START Dataset content
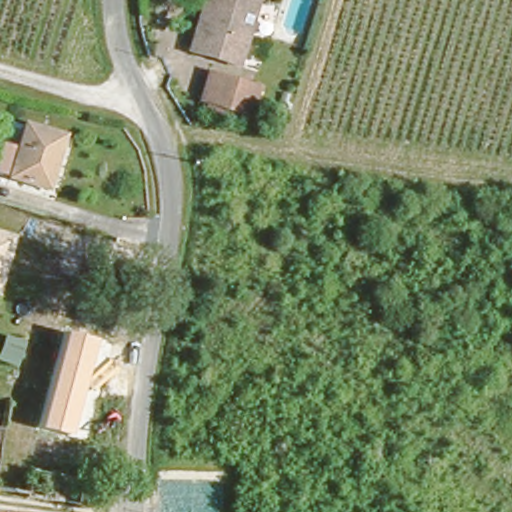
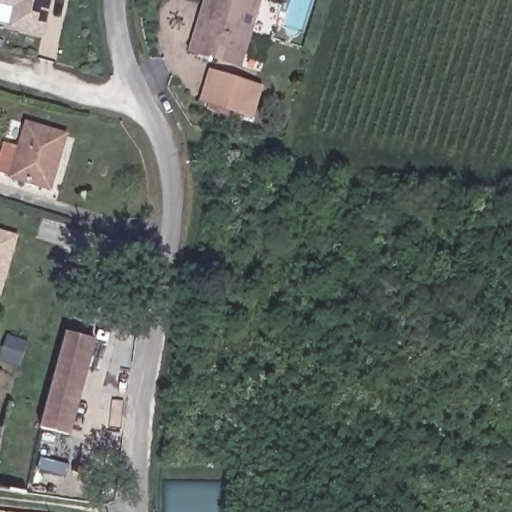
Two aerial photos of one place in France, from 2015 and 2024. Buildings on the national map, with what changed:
new [(43,34),(11,26),(15,6),(0,3),(0,0),(51,0),(43,34)]
unchanged [(241,61),(191,46),(201,12),(205,0),(259,0),(241,61)]
unchanged [(204,100),(212,73),(261,87),(253,115),(204,100)]
unchanged [(65,131),(49,184),(0,169),(0,162),(5,145),(18,148),(26,120),(65,131)]
unchanged [(0,296),(0,229),(18,235),(0,297),(0,296)]
unchanged [(71,436),(41,428),(67,332),(97,340),(71,436)]
unchanged [(3,425),(0,439),(0,424),(3,425)]

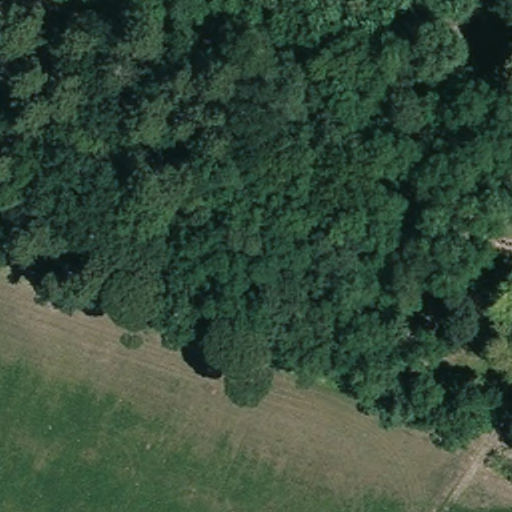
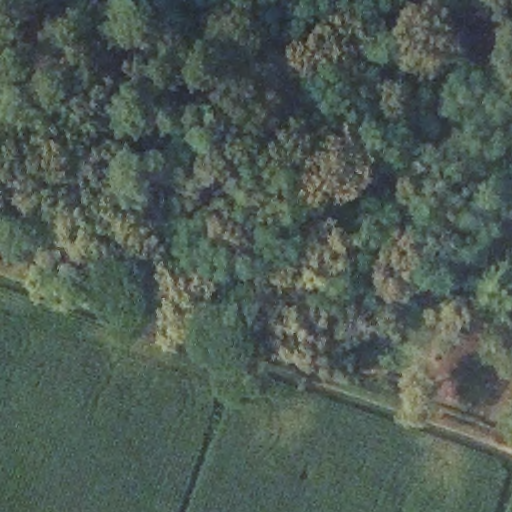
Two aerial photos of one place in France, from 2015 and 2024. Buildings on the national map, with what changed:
unchanged [(512,320),(512,341),(504,339),(507,318),(512,320)]

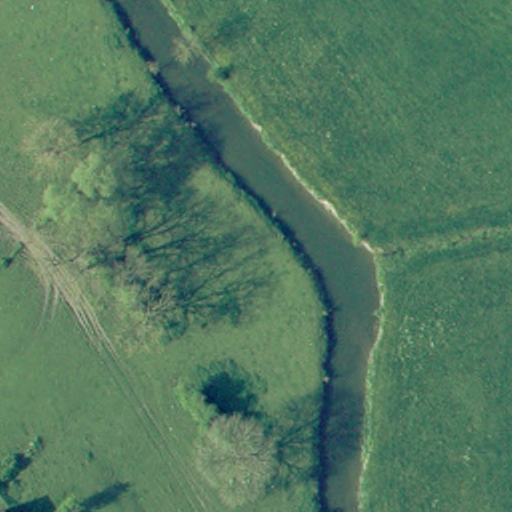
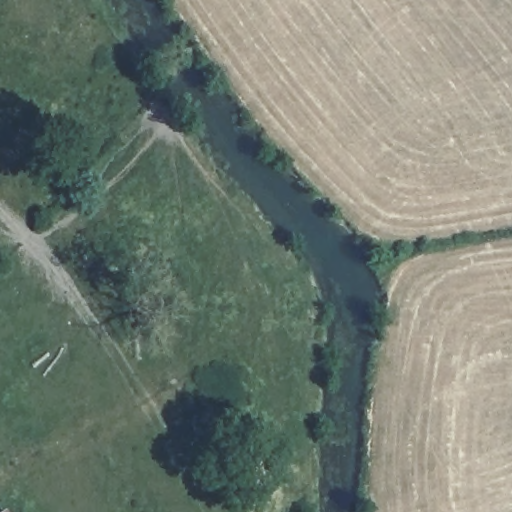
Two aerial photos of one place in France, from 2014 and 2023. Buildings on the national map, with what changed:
unchanged [(12,512),(0,512),(0,506),(5,503),(12,512)]

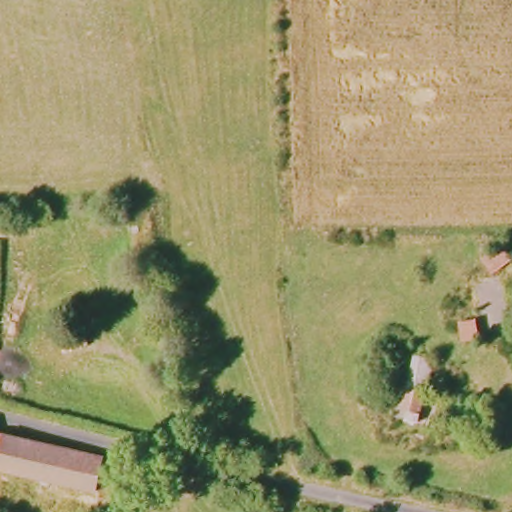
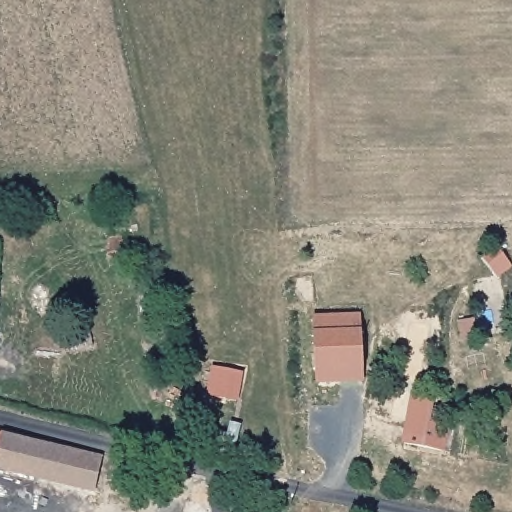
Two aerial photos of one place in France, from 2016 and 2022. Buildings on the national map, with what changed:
unchanged [(497,279),(507,334),(485,337),(476,283),(497,279)]
new [(364,382),(316,384),(313,316),(361,314),(364,382)]
demolished [(420,425),(401,419),(414,359),(435,362),(420,425)]
unchanged [(0,465),(0,434),(107,459),(103,492),(0,465)]

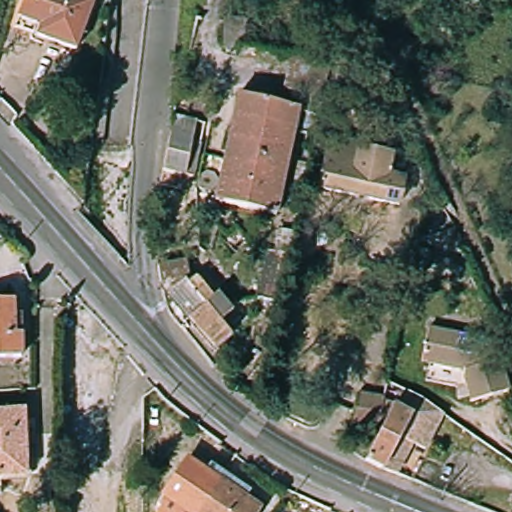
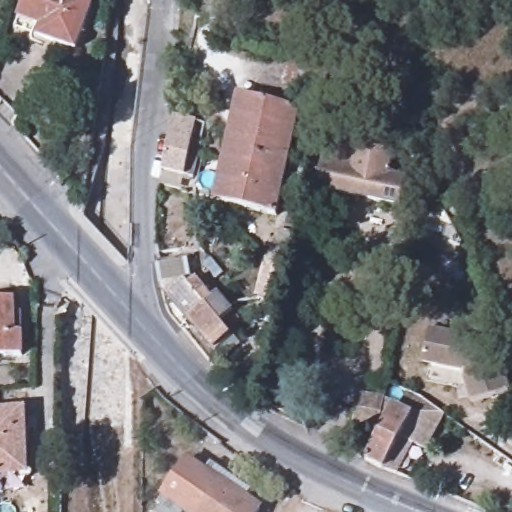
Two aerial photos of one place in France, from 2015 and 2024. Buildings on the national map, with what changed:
unchanged [(73,51),(33,42),(36,29),(14,24),(18,0),(75,0),(83,2),(73,51)]
unchanged [(239,23),(231,56),(210,51),(214,22),(232,22),(239,23)]
unchanged [(301,96),(257,89),(261,52),(264,53),(307,60),(301,96)]
unchanged [(216,206),(236,96),(286,104),(284,108),(298,111),(295,129),(282,126),(268,215),(216,206)]
unchanged [(157,173),(167,121),(193,125),(181,177),(157,173)]
unchanged [(322,151),(390,160),(387,182),(403,185),(397,215),(312,197),(322,151)]
unchanged [(1,225),(0,226),(0,224),(1,225)]
unchanged [(262,288),(263,272),(267,240),(283,243),(276,274),(273,291),(262,288)]
unchanged [(207,296),(212,290),(231,307),(219,322),(233,335),(217,353),(167,303),(163,296),(160,282),(170,273),(184,286),(189,280),(207,296)]
unchanged [(7,300),(9,334),(16,333),(17,356),(0,358),(0,300),(7,300)]
unchanged [(505,388),(465,401),(456,371),(417,362),(425,325),(490,340),(505,388)]
unchanged [(355,461),(361,435),(344,431),(352,398),(370,402),(375,380),(397,390),(432,411),(410,454),(392,445),(377,471),(357,462),(355,461)]
unchanged [(17,408),(24,470),(0,473),(0,410),(17,408)]
unchanged [(161,505),(165,500),(159,496),(187,456),(224,481),(220,485),(201,512),(170,512),(161,505)]
unchanged [(224,481),(260,506),(256,512),(201,512),(220,485),(224,481)]

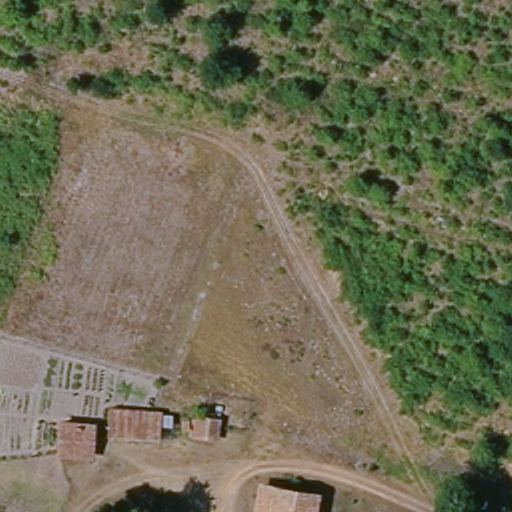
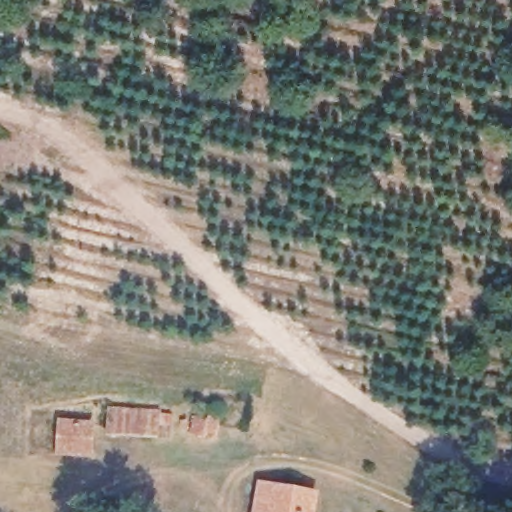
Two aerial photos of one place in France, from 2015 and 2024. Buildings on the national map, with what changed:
unchanged [(116,410),(163,416),(161,439),(114,434),(114,424),(116,410)]
unchanged [(66,416),(114,424),(114,434),(107,467),(59,452),(66,416)]
unchanged [(220,426),(218,445),(196,443),(198,424),(220,426)]
unchanged [(313,494),(310,512),(270,512),(273,490),(313,494)]
END Dataset content
Output every record above exactly, leaving out the pictures.

Two aerial photos of one place in France, from 2015 and 2024. Buildings on the national map, with what changed:
new [(43,34),(11,26),(15,6),(0,3),(0,0),(51,0),(43,34)]
unchanged [(241,61),(191,46),(201,12),(205,0),(259,0),(241,61)]
unchanged [(204,100),(212,73),(261,87),(253,115),(204,100)]
unchanged [(65,131),(49,184),(0,169),(0,162),(5,145),(18,148),(26,120),(65,131)]
unchanged [(0,296),(0,229),(18,235),(0,297),(0,296)]
unchanged [(71,436),(41,428),(67,332),(97,340),(71,436)]
unchanged [(3,425),(0,439),(0,424),(3,425)]

Two aerial photos of one place in France, from 2015 and 2024. Buildings on the national map, with what changed:
unchanged [(512,320),(512,341),(504,339),(507,318),(512,320)]

Two aerial photos of one place in France, from 2014 and 2023. Buildings on the national map, with what changed:
unchanged [(12,512),(0,512),(0,506),(5,503),(12,512)]

Two aerial photos of one place in France, from 2016 and 2022. Buildings on the national map, with what changed:
unchanged [(497,279),(507,334),(485,337),(476,283),(497,279)]
new [(364,382),(316,384),(313,316),(361,314),(364,382)]
demolished [(420,425),(401,419),(414,359),(435,362),(420,425)]
unchanged [(0,465),(0,434),(107,459),(103,492),(0,465)]

Two aerial photos of one place in France, from 2015 and 2024. Buildings on the national map, with what changed:
unchanged [(73,51),(33,42),(36,29),(14,24),(18,0),(75,0),(83,2),(73,51)]
unchanged [(239,23),(231,56),(210,51),(214,22),(232,22),(239,23)]
unchanged [(301,96),(257,89),(261,52),(264,53),(307,60),(301,96)]
unchanged [(216,206),(236,96),(286,104),(284,108),(298,111),(295,129),(282,126),(268,215),(216,206)]
unchanged [(157,173),(167,121),(193,125),(181,177),(157,173)]
unchanged [(322,151),(390,160),(387,182),(403,185),(397,215),(312,197),(322,151)]
unchanged [(1,225),(0,226),(0,224),(1,225)]
unchanged [(262,288),(263,272),(267,240),(283,243),(276,274),(273,291),(262,288)]
unchanged [(207,296),(212,290),(231,307),(219,322),(233,335),(217,353),(167,303),(163,296),(160,282),(170,273),(184,286),(189,280),(207,296)]
unchanged [(7,300),(9,334),(16,333),(17,356),(0,358),(0,300),(7,300)]
unchanged [(505,388),(465,401),(456,371),(417,362),(425,325),(490,340),(505,388)]
unchanged [(355,461),(361,435),(344,431),(352,398),(370,402),(375,380),(397,390),(432,411),(410,454),(392,445),(377,471),(357,462),(355,461)]
unchanged [(17,408),(24,470),(0,473),(0,410),(17,408)]
unchanged [(161,505),(165,500),(159,496),(187,456),(224,481),(220,485),(201,512),(170,512),(161,505)]
unchanged [(224,481),(260,506),(256,512),(201,512),(220,485),(224,481)]

Two aerial photos of one place in France, from 2015 and 2024. Buildings on the national map, with what changed:
unchanged [(116,410),(163,416),(161,439),(114,434),(114,424),(116,410)]
unchanged [(66,416),(114,424),(114,434),(107,467),(59,452),(66,416)]
unchanged [(220,426),(218,445),(196,443),(198,424),(220,426)]
unchanged [(313,494),(310,512),(270,512),(273,490),(313,494)]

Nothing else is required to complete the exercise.